# *trigger warning* My husband has a substance abuse problem and becomes violent and threatens to leave what should I do?



## aieslyn

My husband got smashed again tonight. I brought up the issue of his drinking and the unreasonable cost to the family and an argument ensued. He goes to the bottle shop multiple times to buy 1 beer or bottle of wine each time. The cost adds up and he might go 2, 3, sometimes, more times and he does this on a regular basis. I told him $20 a day on alcohol is too much. If he is going to drink like this, at least drink economically. Why doesn't he buy a carton of beer or large carton of wine?

His response is to say: I'm only concerned because of the girl at the bottle shop. I respond, I didn't even know she had been working and, no, this is not the primary issue. He insists it is, he goes on to provoke me by saying she's "alright and he'd bang her" he puts his fingers to his mouth and makes a gesture with his tongue and fingers like licking her out.

I find this offensive and say: well, if I wasn't insecure before about any girl, I have just cause now to be concerned, going off the way he is speaking to me. The argument goes around and around and I repeat my point about "not understanding the unnecessary need to go multiple times to the bottle shop and waste money rather than planning ahead. I reiterate, I wish he would be honest with himself about just how much he drinks and to buy in bulk?"

He diverts back to argue about the girl, saying how he'd like to "bang her" while making hip thrusts. I'm really upset and tell him that what he is saying is disrespectful and he is avoiding the issue here. I let him know, he's being hurtful and rude to me and his behaviour is not making me feel safe in the relationship with him. He says my insecurity is my problem. I tell him, I don't have a problem. I feel insecure because he behaves in this kind of way, which doesn't inspire any sense of security in the relationship.

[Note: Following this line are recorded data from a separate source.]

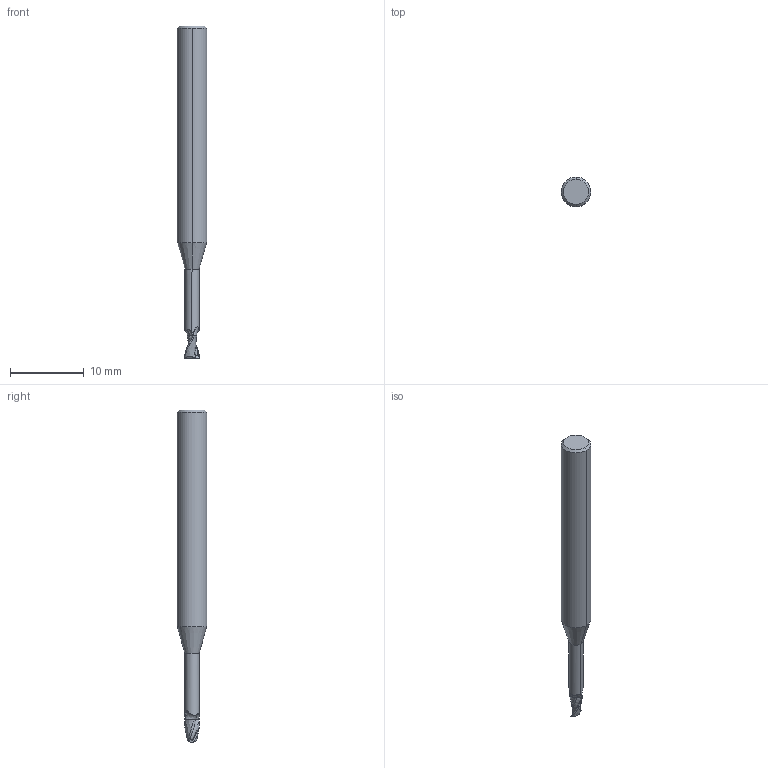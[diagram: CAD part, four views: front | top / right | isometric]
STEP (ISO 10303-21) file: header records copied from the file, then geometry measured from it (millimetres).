
FILE_DESCRIPTION(('no description'),'unknown implementation level');
FILE_NAME('EXN1-M15-0003-2X12-Detail.stp',' ',('CIMSOURCE GmbH'),('CADClick - KiM GmbH - www.kimweb.de'),'unknown preprocess','ACIS','unknown authorization');
FILE_SCHEMA(('automotive_design'));
Length unit declared in the file: millimetre
Products named in the file (2): NOCUT; CUT
Bounding box: 4 x 4 x 45 mm (x, y, z)
Volume: 423.6 mm3; surface area: 488.5 mm2
Topology: 2 solids, 2 shells, 61 faces, 166 edges, 105 vertices
Faces by surface type: bspline 18, plane 17, cone 12, revolution 10, cylinder 4
Entity records: 6382 total; most frequent: CARTESIAN_POINT 3204, STYLED_ITEM 330, PRESENTATION_STYLE_ASSIGNMENT 330, COLOUR_RGB 330, ORIENTED_EDGE 324, DIRECTION 188, EDGE_CURVE 162, CURVE_STYLE 162
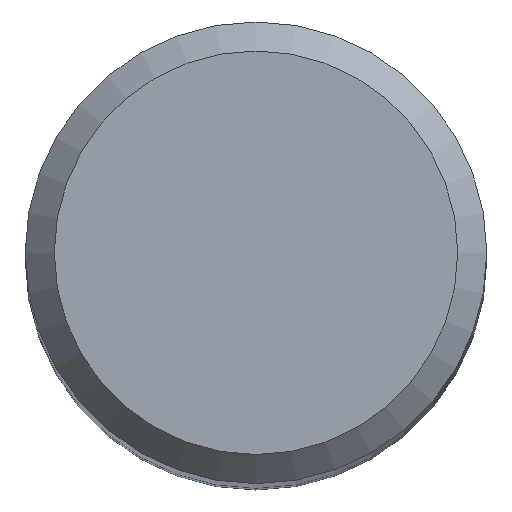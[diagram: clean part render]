
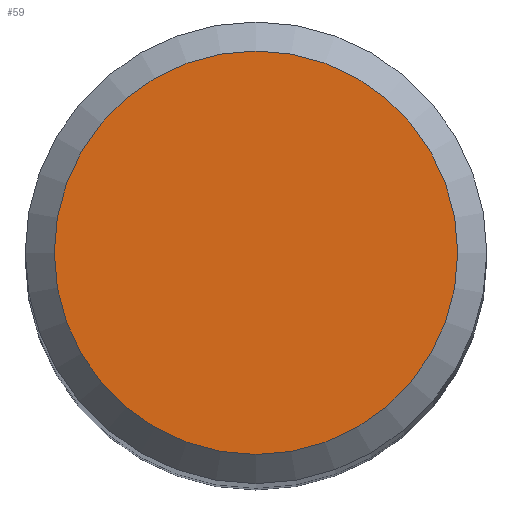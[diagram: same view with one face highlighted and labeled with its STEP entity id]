
A CAD part, top view. The second image highlights one B-rep face of the part: STEP entity #59.
In plain terms, the highlighted planar face has unit normal (0, 0, 1).
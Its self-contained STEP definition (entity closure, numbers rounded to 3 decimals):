
#44=PLANE('',#209);
#51=FACE_OUTER_BOUND('',#89,.T.);
#59=ADVANCED_FACE('',(#51),#44,.F.);
#73=CIRCLE('',#208,3.469);
#89=EDGE_LOOP('',(#116));
#116=ORIENTED_EDGE('',*,*,#150,.T.);
#140=VERTEX_POINT('',#309);
#150=EDGE_CURVE('',#140,#140,#73,.T.);
#208=AXIS2_PLACEMENT_3D('',#308,#242,#243);
#209=AXIS2_PLACEMENT_3D('',#310,#244,#245);
#242=DIRECTION('',(0.,0.,1.));
#243=DIRECTION('',(-1.,0.,0.));
#244=DIRECTION('',(0.,0.,-1.));
#245=DIRECTION('',(-1.,0.,0.));
#308=CARTESIAN_POINT('',(0.,0.,0.));
#309=CARTESIAN_POINT('',(-3.469,0.,0.));
#310=CARTESIAN_POINT('',(0.,3.969,0.));

He is very drunk now. He starts calling me names, blames me for the argument and tells me that I'm "*****ing". He starts to make the argument about how he doesn't need me and telling me I do nothing for him. I'm offended and correct him, saying that's not true. I point out, I do all the cooking and the majority of the housework. I help with the business whenever I can. I consistently put our son to bed each night and arrange to take the kids for him on the days we have them home, so that he can work. I give him sex on demand and whatever else he ever wants. His sexual needs are high, he wants sex every day or for me to give him a blow job. He has previously told me, if I don't fulfill his needs, he would have grounds to leave me for someone who does, so I never refuse him and try my best to be a good partner. I highlight, I share all my assets and we live in my family house which enables a huge degree of financial freedom for him and the family. He spits on this and belittles my contributions, saying: He doesn't need me or any of it. I'm hurt by his dismissal and don't know what to say. I am crying. I tell him he is being cruel and I don't understand why he is treating me this way. I also point out how I feel he takes me for granted and is mistreating me, especially considering I'm 4 months pregnant.

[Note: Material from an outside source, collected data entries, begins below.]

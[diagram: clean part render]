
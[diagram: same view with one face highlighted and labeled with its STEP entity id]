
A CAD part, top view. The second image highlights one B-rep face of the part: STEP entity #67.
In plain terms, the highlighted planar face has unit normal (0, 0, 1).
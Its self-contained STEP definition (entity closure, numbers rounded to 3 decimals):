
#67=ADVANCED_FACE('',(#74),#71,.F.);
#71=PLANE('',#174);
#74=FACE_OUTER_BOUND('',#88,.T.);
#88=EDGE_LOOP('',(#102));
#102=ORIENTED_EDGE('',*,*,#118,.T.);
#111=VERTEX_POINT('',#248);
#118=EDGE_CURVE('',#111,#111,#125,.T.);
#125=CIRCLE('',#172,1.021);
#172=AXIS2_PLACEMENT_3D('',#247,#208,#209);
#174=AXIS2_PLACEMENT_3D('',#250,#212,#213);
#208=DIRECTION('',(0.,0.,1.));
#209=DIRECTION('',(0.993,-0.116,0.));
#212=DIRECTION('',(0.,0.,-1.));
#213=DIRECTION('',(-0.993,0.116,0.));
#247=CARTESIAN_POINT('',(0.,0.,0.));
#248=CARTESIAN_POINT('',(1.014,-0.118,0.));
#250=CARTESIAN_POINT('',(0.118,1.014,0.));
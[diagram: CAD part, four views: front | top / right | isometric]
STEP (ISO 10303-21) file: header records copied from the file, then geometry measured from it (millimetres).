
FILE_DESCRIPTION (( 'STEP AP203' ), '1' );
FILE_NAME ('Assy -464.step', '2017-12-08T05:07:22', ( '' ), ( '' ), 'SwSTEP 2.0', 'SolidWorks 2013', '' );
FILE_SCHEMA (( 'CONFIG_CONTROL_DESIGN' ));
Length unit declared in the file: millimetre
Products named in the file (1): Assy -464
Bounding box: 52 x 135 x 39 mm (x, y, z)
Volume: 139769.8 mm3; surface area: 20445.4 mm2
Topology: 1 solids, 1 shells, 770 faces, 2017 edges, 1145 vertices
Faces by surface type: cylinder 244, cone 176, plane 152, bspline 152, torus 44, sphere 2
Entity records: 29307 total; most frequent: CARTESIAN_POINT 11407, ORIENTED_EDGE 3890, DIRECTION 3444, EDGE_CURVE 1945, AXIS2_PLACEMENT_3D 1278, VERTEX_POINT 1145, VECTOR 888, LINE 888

I beg him to make amends. I am So upset and don't want to argue further. He tells me to, "**** off *****". I had come and placed my hand on his foot, which was up on the table, in a gesture to make peace. He pushes forward in his chair and kicks me in the stomach and I fall to the ground. His kick is not hard but it is enough to push me over. Fortunately I am not very hurt. I tell him he's being abusive and he says, "he doesn't care". I point out his behaviour doesn't just hurt me but the baby in my tummy too. He says, "he doesn't care". I beg him to be reasonable, I beg him for an explanation as to why he is suddenly treating me this way? I ask him to just, please, let's make up - please cuddle me. He pushes me again and keeps pushing me.

My mum comes over hears us arguing upstairs and he leaves the house.

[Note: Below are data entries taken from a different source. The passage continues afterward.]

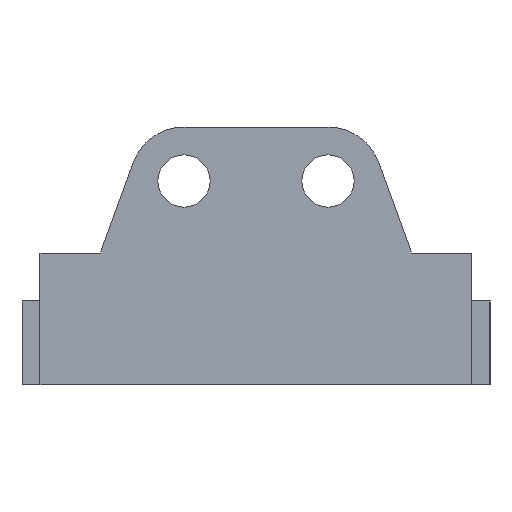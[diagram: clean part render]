
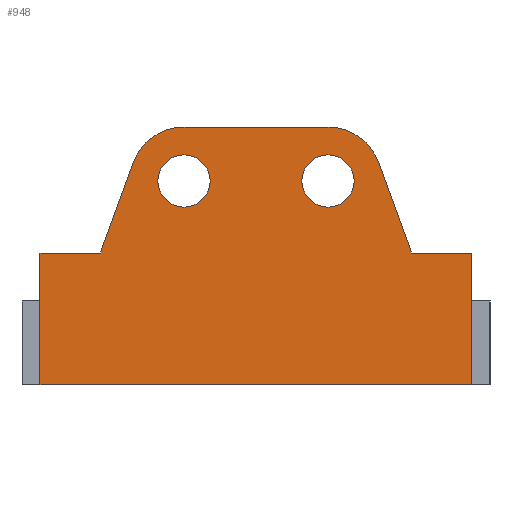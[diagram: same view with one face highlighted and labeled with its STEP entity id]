
A CAD part, front view. The second image highlights one B-rep face of the part: STEP entity #948.
In plain terms, the highlighted planar face has unit normal (0, -1, 0).
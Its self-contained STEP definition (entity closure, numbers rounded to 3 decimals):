
#558 = VERTEX_POINT('',#559);
#559 = CARTESIAN_POINT('',(18.,-25.5,0.));
#567 = EDGE_CURVE('',#558,#568,#570,.T.);
#568 = VERTEX_POINT('',#569);
#569 = CARTESIAN_POINT('',(-18.,-25.5,0.));
#570 = LINE('',#571,#572);
#571 = CARTESIAN_POINT('',(18.,-25.5,0.));
#572 = VECTOR('',#573,1.);
#573 = DIRECTION('',(-1.,0.,0.));
#905 = EDGE_CURVE('',#558,#906,#908,.T.);
#906 = VERTEX_POINT('',#907);
#907 = CARTESIAN_POINT('',(18.,-25.5,11.));
#908 = LINE('',#909,#910);
#909 = CARTESIAN_POINT('',(18.,-25.5,0.));
#910 = VECTOR('',#911,1.);
#911 = DIRECTION('',(0.,0.,1.));
#948 = ADVANCED_FACE('',(#949,#1017,#1028),#1039,.T.);
#949 = FACE_BOUND('',#950,.T.);
#950 = EDGE_LOOP('',(#951,#952,#960,#968,#977,#985,#994,#1002,#1010,
    #1016));
#951 = ORIENTED_EDGE('',*,*,#905,.T.);
#952 = ORIENTED_EDGE('',*,*,#953,.T.);
#953 = EDGE_CURVE('',#906,#954,#956,.T.);
#954 = VERTEX_POINT('',#955);
#955 = CARTESIAN_POINT('',(12.973,-25.5,11.));
#956 = LINE('',#957,#958);
#957 = CARTESIAN_POINT('',(18.,-25.5,11.));
#958 = VECTOR('',#959,1.);
#959 = DIRECTION('',(-1.,0.,0.));
#960 = ORIENTED_EDGE('',*,*,#961,.F.);
#961 = EDGE_CURVE('',#962,#954,#964,.T.);
#962 = VERTEX_POINT('',#963);
#963 = CARTESIAN_POINT('',(10.229,-25.5,18.539));
#964 = LINE('',#965,#966);
#965 = CARTESIAN_POINT('',(10.229,-25.5,18.539));
#966 = VECTOR('',#967,1.);
#967 = DIRECTION('',(0.342,0.,-0.94));
#968 = ORIENTED_EDGE('',*,*,#969,.T.);
#969 = EDGE_CURVE('',#962,#970,#972,.T.);
#970 = VERTEX_POINT('',#971);
#971 = CARTESIAN_POINT('',(6.,-25.5,21.5));
#972 = CIRCLE('',#973,4.5);
#973 = AXIS2_PLACEMENT_3D('',#974,#975,#976);
#974 = CARTESIAN_POINT('',(6.,-25.5,17.));
#975 = DIRECTION('',(0.,-1.,0.));
#976 = DIRECTION('',(1.,0.,0.));
#977 = ORIENTED_EDGE('',*,*,#978,.F.);
#978 = EDGE_CURVE('',#979,#970,#981,.T.);
#979 = VERTEX_POINT('',#980);
#980 = CARTESIAN_POINT('',(-6.,-25.5,21.5));
#981 = LINE('',#982,#983);
#982 = CARTESIAN_POINT('',(-6.,-25.5,21.5));
#983 = VECTOR('',#984,1.);
#984 = DIRECTION('',(1.,0.,0.));
#985 = ORIENTED_EDGE('',*,*,#986,.T.);
#986 = EDGE_CURVE('',#979,#987,#989,.T.);
#987 = VERTEX_POINT('',#988);
#988 = CARTESIAN_POINT('',(-10.229,-25.5,18.539));
#989 = CIRCLE('',#990,4.5);
#990 = AXIS2_PLACEMENT_3D('',#991,#992,#993);
#991 = CARTESIAN_POINT('',(-6.,-25.5,17.));
#992 = DIRECTION('',(0.,-1.,0.));
#993 = DIRECTION('',(1.,0.,0.));
#994 = ORIENTED_EDGE('',*,*,#995,.T.);
#995 = EDGE_CURVE('',#987,#996,#998,.T.);
#996 = VERTEX_POINT('',#997);
#997 = CARTESIAN_POINT('',(-12.973,-25.5,11.));
#998 = LINE('',#999,#1000);
#999 = CARTESIAN_POINT('',(-10.229,-25.5,18.539));
#1000 = VECTOR('',#1001,1.);
#1001 = DIRECTION('',(-0.342,-0.,-0.94));
#1002 = ORIENTED_EDGE('',*,*,#1003,.T.);
#1003 = EDGE_CURVE('',#996,#1004,#1006,.T.);
#1004 = VERTEX_POINT('',#1005);
#1005 = CARTESIAN_POINT('',(-18.,-25.5,11.));
#1006 = LINE('',#1007,#1008);
#1007 = CARTESIAN_POINT('',(18.,-25.5,11.));
#1008 = VECTOR('',#1009,1.);
#1009 = DIRECTION('',(-1.,0.,0.));
#1010 = ORIENTED_EDGE('',*,*,#1011,.F.);
#1011 = EDGE_CURVE('',#568,#1004,#1012,.T.);
#1012 = LINE('',#1013,#1014);
#1013 = CARTESIAN_POINT('',(-18.,-25.5,0.));
#1014 = VECTOR('',#1015,1.);
#1015 = DIRECTION('',(0.,0.,1.));
#1016 = ORIENTED_EDGE('',*,*,#567,.F.);
#1017 = FACE_BOUND('',#1018,.T.);
#1018 = EDGE_LOOP('',(#1019));
#1019 = ORIENTED_EDGE('',*,*,#1020,.F.);
#1020 = EDGE_CURVE('',#1021,#1021,#1023,.T.);
#1021 = VERTEX_POINT('',#1022);
#1022 = CARTESIAN_POINT('',(8.175,-25.5,17.));
#1023 = CIRCLE('',#1024,2.175);
#1024 = AXIS2_PLACEMENT_3D('',#1025,#1026,#1027);
#1025 = CARTESIAN_POINT('',(6.,-25.5,17.));
#1026 = DIRECTION('',(0.,-1.,0.));
#1027 = DIRECTION('',(1.,0.,0.));
#1028 = FACE_BOUND('',#1029,.T.);
#1029 = EDGE_LOOP('',(#1030));
#1030 = ORIENTED_EDGE('',*,*,#1031,.F.);
#1031 = EDGE_CURVE('',#1032,#1032,#1034,.T.);
#1032 = VERTEX_POINT('',#1033);
#1033 = CARTESIAN_POINT('',(-3.825,-25.5,17.));
#1034 = CIRCLE('',#1035,2.175);
#1035 = AXIS2_PLACEMENT_3D('',#1036,#1037,#1038);
#1036 = CARTESIAN_POINT('',(-6.,-25.5,17.));
#1037 = DIRECTION('',(0.,-1.,0.));
#1038 = DIRECTION('',(1.,0.,0.));
#1039 = PLANE('',#1040);
#1040 = AXIS2_PLACEMENT_3D('',#1041,#1042,#1043);
#1041 = CARTESIAN_POINT('',(0.,-25.5,8.872));
#1042 = DIRECTION('',(-0.,-1.,-0.));
#1043 = DIRECTION('',(0.,0.,-1.));
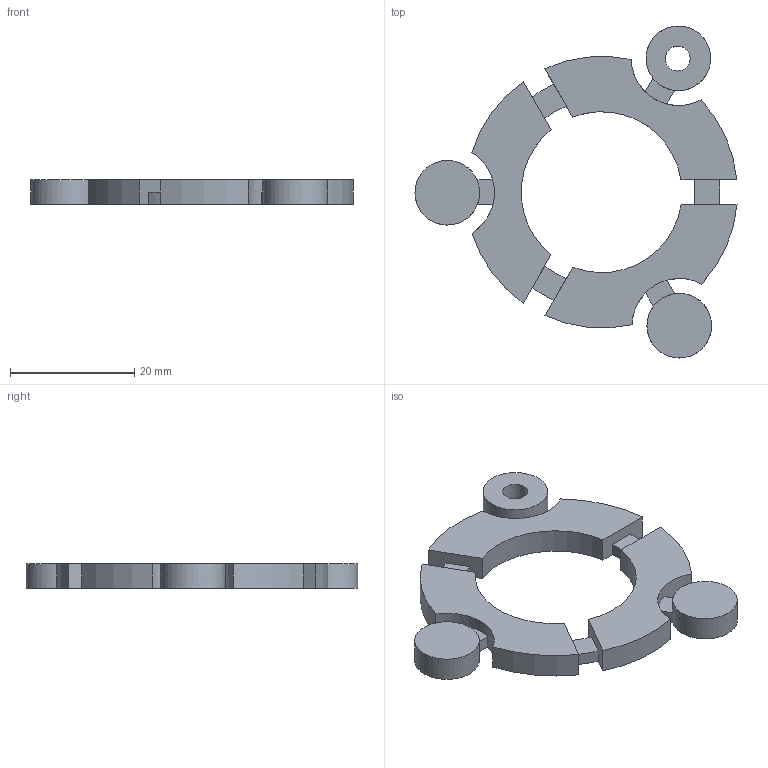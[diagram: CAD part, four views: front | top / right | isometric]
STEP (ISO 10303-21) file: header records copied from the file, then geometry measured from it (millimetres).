
FILE_DESCRIPTION(('FreeCAD Model'),'2;1');
FILE_NAME('ubuntu.step', '2015-03-04T01:36:04',('FreeCAD'),('FreeCAD'), 'Open CASCADE STEP processor 6.7','FreeCAD','Unknown');
FILE_SCHEMA(('AUTOMOTIVE_DESIGN_CC2 { 1 2 10303 214 -1 1 5 4 }'));
Length unit declared in the file: millimetre
Products named in the file (1): Cut004
Bounding box: 51.83 x 53.43 x 4 mm (x, y, z)
Volume: 4087.7 mm3; surface area: 3567.4 mm2
Topology: 1 solids, 1 shells, 47 faces, 138 edges, 92 vertices
Faces by surface type: plane 25, cylinder 22
Full cylindrical faces by diameter (mm): 4 x1, 10.397 x3
Entity records: 3825 total; most frequent: CARTESIAN_POINT 914, DIRECTION 456, ORIENTED_EDGE 276, PCURVE 276, DEFINITIONAL_REPRESENTATION 276, LINE 242, VECTOR 242, EDGE_CURVE 138

He comes back. I tell him his behaviour is not OK. My parents also think he has a drinking problem, and is being selfish by not considering the costs to the family. They agree that his multiple visits to the bottleshop a day are unusual.

His response is to get angry and tell me he cares 0% about their opinions. He takes his wedding ring off and throws it at me. It misses me and lands in the sink. I beg him, please don't do this... Don't disrespect me and our marriage in this way.

He tells me to, **** off he doesn't care about me. I am crying and ask him why he is being so cold and please, to not treat me in this way.
He tells me to "stop my *****ing" - as if all this is my fault.

He goes upstairs and lays on the bed. He goes to sleep and I decide to take the children to my mum's house as I'm crying and SO upset and don't know what to do.

I come back from my mum's and he has left with some things. I call him once and he doesn't answer. I call his brother and he says he will try calling him. I tell his brother what has gone on. I have never disclosed before the truth of how my husband treats me to him or anyone. He exaggerates things and tells his family half truths about the nature of our arguments, to put me in a bad light. His family think I'm crazy. I've never told anyone the whole truth about just how violent he is to me. I don't know if his brother believes me or not... I hope he does and can help us. I have little faith in this though.

It took forever to get the kids to settle tonight. I'm so distressed and they are so disturbed. I am currently so stressed I can hardly think. I can't sleep. I'm shaking and don't know what to do. It's midnight and I can't sleep. My husband is staying at his brother's tonight. We will talk in the morning.

I need advice, to makes sense of things...Have I done something wrong here? Is he behaving like this because I beg and he thinks I'm needy? Is it because he feels criticised when I bring up the drinking and the unfair costs? I don't understand why he is being so mean to me?

Please help me make sense of all this. Thanks in advance and sorry for the long post 🙏


----------



## Torninhalf

Wow. Your husband sounds grotesque. Let the girl at the bottle shop have him.


----------



## aieslyn

Unfortunately it's not as simple as this for me. He is not always like this to me, he can be kind. He just treats me this way when he is drunk. I love him and I just don't know what to do. I feel like my heart is breaking...I know you might think me silly.


----------



## Benbutton

Most abusive people aren't always abusive. Not sure why you continue to put yourself through this


----------



## LisaDiane

aieslyn said:


> Unfortunately it's not as simple as this for me. He is not always like this to me, he can be kind. He just treats me this way when he is drunk. I love him and I just don't know what to do. I feel like my heart is breaking...I know you might think me silly.


What you do is LEAVE until he gets clean and STOPS drinking. His terrible, violent behavior will NEVER STOP if he continues to drink, and you are doing untold damage to yourself and your children by remaining in a relationship with someone who DOES NOT care about you. 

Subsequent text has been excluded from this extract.